[Extracted data entries]
----

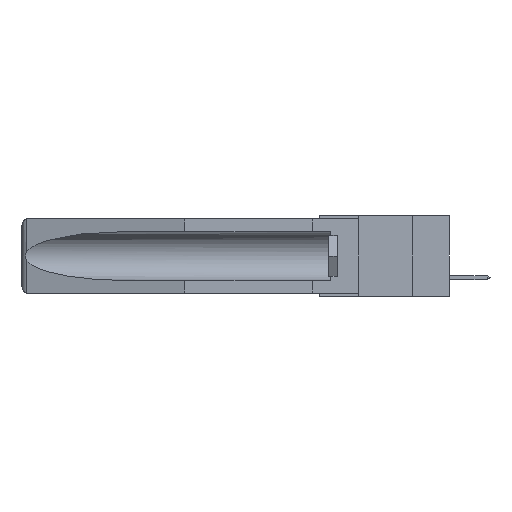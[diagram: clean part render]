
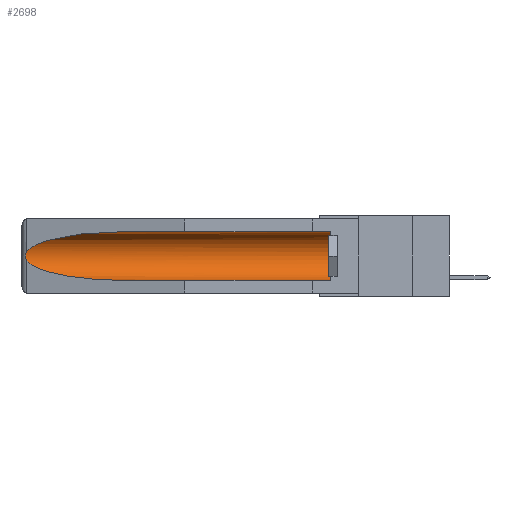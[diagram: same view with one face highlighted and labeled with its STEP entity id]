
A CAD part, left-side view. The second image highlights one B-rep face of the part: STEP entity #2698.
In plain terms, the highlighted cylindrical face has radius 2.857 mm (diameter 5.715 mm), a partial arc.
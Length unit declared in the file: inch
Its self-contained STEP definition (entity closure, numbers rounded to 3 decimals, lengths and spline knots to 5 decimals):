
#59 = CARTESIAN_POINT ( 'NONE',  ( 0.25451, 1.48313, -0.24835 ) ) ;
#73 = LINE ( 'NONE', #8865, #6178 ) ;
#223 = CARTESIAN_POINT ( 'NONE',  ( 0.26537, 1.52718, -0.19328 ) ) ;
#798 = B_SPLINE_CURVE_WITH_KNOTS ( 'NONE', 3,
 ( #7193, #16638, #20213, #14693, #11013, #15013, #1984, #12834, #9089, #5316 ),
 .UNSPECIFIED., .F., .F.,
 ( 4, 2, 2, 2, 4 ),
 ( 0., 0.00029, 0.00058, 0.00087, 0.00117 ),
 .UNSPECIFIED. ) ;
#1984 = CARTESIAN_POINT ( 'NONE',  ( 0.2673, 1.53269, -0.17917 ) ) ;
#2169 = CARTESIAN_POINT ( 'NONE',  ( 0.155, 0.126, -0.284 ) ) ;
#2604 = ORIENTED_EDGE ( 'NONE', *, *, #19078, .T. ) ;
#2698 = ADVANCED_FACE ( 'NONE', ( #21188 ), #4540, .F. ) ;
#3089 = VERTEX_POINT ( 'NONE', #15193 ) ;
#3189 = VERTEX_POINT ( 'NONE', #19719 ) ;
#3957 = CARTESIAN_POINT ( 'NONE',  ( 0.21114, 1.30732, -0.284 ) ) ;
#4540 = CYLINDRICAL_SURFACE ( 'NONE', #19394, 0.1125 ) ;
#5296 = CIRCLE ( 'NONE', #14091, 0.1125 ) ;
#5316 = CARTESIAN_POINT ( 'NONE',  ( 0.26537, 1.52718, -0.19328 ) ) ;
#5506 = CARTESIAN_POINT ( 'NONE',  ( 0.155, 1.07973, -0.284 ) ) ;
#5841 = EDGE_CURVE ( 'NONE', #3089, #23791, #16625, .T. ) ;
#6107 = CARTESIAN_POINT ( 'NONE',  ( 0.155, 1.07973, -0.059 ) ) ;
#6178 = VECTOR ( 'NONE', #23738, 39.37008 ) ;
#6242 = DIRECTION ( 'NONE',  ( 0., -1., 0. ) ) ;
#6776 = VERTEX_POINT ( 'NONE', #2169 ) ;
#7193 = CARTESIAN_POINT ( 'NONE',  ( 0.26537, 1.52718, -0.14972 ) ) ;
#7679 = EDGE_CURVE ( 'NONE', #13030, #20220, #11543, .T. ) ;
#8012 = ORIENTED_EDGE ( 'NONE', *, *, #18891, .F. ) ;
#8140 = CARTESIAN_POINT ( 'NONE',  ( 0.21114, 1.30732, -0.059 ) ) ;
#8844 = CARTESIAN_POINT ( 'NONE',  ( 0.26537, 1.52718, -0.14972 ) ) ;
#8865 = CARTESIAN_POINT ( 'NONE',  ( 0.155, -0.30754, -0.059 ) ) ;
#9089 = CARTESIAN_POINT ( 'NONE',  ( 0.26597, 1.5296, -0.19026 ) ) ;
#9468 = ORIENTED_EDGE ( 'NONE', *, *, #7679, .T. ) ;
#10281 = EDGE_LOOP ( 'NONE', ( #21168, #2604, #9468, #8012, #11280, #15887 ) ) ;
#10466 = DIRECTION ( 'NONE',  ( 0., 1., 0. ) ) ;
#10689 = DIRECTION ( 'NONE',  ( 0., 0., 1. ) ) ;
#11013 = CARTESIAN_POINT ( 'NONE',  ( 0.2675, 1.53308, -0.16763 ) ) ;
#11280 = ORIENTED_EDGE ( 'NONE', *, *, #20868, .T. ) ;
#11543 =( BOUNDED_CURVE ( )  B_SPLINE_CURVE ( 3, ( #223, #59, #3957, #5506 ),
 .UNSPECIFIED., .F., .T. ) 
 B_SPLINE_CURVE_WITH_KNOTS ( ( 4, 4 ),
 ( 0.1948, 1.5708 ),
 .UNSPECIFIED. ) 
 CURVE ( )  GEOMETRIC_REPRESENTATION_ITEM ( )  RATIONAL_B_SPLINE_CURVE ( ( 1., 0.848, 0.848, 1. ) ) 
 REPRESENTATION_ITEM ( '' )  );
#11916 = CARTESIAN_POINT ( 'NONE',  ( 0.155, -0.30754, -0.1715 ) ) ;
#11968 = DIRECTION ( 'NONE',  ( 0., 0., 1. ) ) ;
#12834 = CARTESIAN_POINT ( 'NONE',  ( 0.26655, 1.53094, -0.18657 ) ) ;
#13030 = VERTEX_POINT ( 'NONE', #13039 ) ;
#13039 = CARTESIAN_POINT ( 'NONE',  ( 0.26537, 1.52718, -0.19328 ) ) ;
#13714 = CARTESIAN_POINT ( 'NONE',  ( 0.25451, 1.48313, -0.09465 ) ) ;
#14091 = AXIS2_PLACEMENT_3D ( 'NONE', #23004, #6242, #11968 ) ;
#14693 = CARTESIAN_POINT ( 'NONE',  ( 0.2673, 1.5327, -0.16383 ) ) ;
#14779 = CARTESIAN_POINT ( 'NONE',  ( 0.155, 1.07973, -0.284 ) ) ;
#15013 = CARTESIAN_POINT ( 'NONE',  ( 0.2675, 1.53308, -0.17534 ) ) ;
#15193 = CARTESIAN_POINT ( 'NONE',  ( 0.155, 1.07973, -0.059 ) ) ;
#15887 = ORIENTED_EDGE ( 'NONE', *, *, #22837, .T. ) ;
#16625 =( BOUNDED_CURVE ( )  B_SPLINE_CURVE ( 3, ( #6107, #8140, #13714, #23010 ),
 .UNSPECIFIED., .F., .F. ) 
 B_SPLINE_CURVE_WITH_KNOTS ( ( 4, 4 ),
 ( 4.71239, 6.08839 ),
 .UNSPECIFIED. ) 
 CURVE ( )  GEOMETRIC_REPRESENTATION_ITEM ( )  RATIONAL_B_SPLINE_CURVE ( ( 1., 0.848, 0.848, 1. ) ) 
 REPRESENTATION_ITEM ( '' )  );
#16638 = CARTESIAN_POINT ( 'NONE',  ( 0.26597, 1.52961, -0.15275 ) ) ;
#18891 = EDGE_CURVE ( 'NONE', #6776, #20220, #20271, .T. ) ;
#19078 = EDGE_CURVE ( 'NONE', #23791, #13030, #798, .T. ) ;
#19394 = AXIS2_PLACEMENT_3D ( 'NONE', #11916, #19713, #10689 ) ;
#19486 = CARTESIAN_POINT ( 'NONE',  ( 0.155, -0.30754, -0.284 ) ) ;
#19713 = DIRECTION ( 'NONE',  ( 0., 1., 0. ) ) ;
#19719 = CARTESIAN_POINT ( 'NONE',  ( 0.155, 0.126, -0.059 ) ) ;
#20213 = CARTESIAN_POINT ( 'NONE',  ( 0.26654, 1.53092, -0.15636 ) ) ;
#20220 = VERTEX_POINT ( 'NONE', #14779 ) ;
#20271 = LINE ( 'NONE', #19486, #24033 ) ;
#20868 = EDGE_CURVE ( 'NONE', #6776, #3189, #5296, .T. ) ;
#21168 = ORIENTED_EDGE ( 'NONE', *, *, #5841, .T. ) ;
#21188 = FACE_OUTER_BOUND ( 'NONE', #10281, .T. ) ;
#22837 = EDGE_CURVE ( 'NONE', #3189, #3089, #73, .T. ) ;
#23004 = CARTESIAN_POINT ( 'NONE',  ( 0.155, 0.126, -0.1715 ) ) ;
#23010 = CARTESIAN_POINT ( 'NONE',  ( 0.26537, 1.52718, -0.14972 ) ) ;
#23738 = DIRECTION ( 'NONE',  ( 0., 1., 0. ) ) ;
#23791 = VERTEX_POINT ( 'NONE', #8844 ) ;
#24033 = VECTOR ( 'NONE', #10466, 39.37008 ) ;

----

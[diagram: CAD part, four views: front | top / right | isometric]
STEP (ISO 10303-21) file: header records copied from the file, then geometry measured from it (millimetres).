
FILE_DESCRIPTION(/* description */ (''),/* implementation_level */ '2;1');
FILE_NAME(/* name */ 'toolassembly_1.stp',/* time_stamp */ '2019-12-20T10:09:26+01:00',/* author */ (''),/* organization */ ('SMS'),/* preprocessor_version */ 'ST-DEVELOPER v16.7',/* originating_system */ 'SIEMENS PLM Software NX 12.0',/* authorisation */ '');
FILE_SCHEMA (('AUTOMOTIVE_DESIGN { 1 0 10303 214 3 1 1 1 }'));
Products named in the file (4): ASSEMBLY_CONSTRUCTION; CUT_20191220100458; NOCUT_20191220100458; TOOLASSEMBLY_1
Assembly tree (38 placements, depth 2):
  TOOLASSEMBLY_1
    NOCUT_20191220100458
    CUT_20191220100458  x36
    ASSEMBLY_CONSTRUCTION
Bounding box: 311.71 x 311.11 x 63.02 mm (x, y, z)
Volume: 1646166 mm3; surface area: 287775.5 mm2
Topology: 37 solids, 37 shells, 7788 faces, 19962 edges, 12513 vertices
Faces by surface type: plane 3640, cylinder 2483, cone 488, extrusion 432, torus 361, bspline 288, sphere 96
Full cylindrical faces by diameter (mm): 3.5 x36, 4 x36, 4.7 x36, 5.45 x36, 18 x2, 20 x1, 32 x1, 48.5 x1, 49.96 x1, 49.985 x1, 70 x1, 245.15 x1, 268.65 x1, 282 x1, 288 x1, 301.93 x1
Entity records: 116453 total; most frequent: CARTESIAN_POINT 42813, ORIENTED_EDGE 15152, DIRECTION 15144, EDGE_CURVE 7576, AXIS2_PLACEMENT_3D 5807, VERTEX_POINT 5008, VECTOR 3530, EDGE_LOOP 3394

----

## What you should do
Would you give again, exactly, the lines in the data above that run from the line containing "[diagram: clean part render]" to the line containing "#8865 = CARTESIAN_POINT"? Include both ends and no pictures.

## Solution for this task
[diagram: clean part render]
[diagram: same view with one face highlighted and labeled with its STEP entity id]
A CAD part, left-side view. The second image highlights one B-rep face of the part: STEP entity #2698.
In plain terms, the highlighted cylindrical face has radius 2.857 mm (diameter 5.715 mm), a partial arc.
Length unit declared in the file: inch
Its self-contained STEP definition (entity closure, numbers rounded to 3 decimals, lengths and spline knots to 5 decimals):
#59 = CARTESIAN_POINT ( 'NONE',  ( 0.25451, 1.48313, -0.24835 ) ) ;
#73 = LINE ( 'NONE', #8865, #6178 ) ;
#223 = CARTESIAN_POINT ( 'NONE',  ( 0.26537, 1.52718, -0.19328 ) ) ;
#798 = B_SPLINE_CURVE_WITH_KNOTS ( 'NONE', 3,
 ( #7193, #16638, #20213, #14693, #11013, #15013, #1984, #12834, #9089, #5316 ),
 .UNSPECIFIED., .F., .F.,
 ( 4, 2, 2, 2, 4 ),
 ( 0., 0.00029, 0.00058, 0.00087, 0.00117 ),
 .UNSPECIFIED. ) ;
#1984 = CARTESIAN_POINT ( 'NONE',  ( 0.2673, 1.53269, -0.17917 ) ) ;
#2169 = CARTESIAN_POINT ( 'NONE',  ( 0.155, 0.126, -0.284 ) ) ;
#2604 = ORIENTED_EDGE ( 'NONE', *, *, #19078, .T. ) ;
#2698 = ADVANCED_FACE ( 'NONE', ( #21188 ), #4540, .F. ) ;
#3089 = VERTEX_POINT ( 'NONE', #15193 ) ;
#3189 = VERTEX_POINT ( 'NONE', #19719 ) ;
#3957 = CARTESIAN_POINT ( 'NONE',  ( 0.21114, 1.30732, -0.284 ) ) ;
#4540 = CYLINDRICAL_SURFACE ( 'NONE', #19394, 0.1125 ) ;
#5296 = CIRCLE ( 'NONE', #14091, 0.1125 ) ;
#5316 = CARTESIAN_POINT ( 'NONE',  ( 0.26537, 1.52718, -0.19328 ) ) ;
#5506 = CARTESIAN_POINT ( 'NONE',  ( 0.155, 1.07973, -0.284 ) ) ;
#5841 = EDGE_CURVE ( 'NONE', #3089, #23791, #16625, .T. ) ;
#6107 = CARTESIAN_POINT ( 'NONE',  ( 0.155, 1.07973, -0.059 ) ) ;
#6178 = VECTOR ( 'NONE', #23738, 39.37008 ) ;
#6242 = DIRECTION ( 'NONE',  ( 0., -1., 0. ) ) ;
#6776 = VERTEX_POINT ( 'NONE', #2169 ) ;
#7193 = CARTESIAN_POINT ( 'NONE',  ( 0.26537, 1.52718, -0.14972 ) ) ;
#7679 = EDGE_CURVE ( 'NONE', #13030, #20220, #11543, .T. ) ;
#8012 = ORIENTED_EDGE ( 'NONE', *, *, #18891, .F. ) ;
#8140 = CARTESIAN_POINT ( 'NONE',  ( 0.21114, 1.30732, -0.059 ) ) ;
#8844 = CARTESIAN_POINT ( 'NONE',  ( 0.26537, 1.52718, -0.14972 ) ) ;
#8865 = CARTESIAN_POINT ( 'NONE',  ( 0.155, -0.30754, -0.059 ) ) ;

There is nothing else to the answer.